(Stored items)
####

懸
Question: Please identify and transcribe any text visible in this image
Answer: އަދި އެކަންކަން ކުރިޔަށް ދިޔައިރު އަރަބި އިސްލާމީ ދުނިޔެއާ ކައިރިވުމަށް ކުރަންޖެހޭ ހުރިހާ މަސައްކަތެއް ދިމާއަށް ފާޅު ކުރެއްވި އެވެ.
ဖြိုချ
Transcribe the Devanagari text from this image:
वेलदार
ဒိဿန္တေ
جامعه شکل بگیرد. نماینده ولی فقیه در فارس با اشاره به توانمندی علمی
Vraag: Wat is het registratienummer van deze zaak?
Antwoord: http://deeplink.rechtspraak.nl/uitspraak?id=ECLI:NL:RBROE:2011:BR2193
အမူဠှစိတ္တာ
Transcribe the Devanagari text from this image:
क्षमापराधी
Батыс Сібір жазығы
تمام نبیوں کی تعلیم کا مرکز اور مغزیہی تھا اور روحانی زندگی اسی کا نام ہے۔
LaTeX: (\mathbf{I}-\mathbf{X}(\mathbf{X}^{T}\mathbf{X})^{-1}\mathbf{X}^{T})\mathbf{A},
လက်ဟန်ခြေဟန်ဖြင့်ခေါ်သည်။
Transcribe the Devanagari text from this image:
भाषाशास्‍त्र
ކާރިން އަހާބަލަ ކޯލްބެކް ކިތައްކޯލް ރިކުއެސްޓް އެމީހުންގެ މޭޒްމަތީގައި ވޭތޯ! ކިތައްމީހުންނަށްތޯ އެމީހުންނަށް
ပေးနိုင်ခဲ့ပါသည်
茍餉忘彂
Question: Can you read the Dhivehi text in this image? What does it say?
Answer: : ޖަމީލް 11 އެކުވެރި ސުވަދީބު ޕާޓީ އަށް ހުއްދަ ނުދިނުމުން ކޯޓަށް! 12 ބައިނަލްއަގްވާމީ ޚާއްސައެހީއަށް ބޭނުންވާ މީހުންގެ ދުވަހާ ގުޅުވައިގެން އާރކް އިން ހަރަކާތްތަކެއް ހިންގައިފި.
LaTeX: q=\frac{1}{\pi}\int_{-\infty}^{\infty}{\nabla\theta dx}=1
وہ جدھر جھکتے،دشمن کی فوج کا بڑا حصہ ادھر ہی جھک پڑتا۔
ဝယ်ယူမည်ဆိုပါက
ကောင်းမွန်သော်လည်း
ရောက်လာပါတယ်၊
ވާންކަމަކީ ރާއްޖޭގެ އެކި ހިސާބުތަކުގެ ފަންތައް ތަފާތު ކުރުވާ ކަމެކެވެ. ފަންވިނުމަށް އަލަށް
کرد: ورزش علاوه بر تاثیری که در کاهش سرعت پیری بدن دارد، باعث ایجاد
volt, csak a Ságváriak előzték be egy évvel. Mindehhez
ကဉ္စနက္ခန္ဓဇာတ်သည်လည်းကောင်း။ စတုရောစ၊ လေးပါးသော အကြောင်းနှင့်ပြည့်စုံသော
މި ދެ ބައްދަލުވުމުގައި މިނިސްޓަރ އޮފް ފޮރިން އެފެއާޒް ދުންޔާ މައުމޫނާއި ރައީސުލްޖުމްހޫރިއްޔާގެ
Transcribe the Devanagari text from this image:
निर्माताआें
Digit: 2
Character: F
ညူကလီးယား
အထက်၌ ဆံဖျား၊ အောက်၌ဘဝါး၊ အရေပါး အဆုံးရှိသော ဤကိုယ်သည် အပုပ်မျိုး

####

Task details :: Every line in the entries above that mentions the word "Question" must be shown.

Exercise response ::
Question: Please identify and transcribe any text visible in this image
Question: Can you read the Dhivehi text in this image? What does it say?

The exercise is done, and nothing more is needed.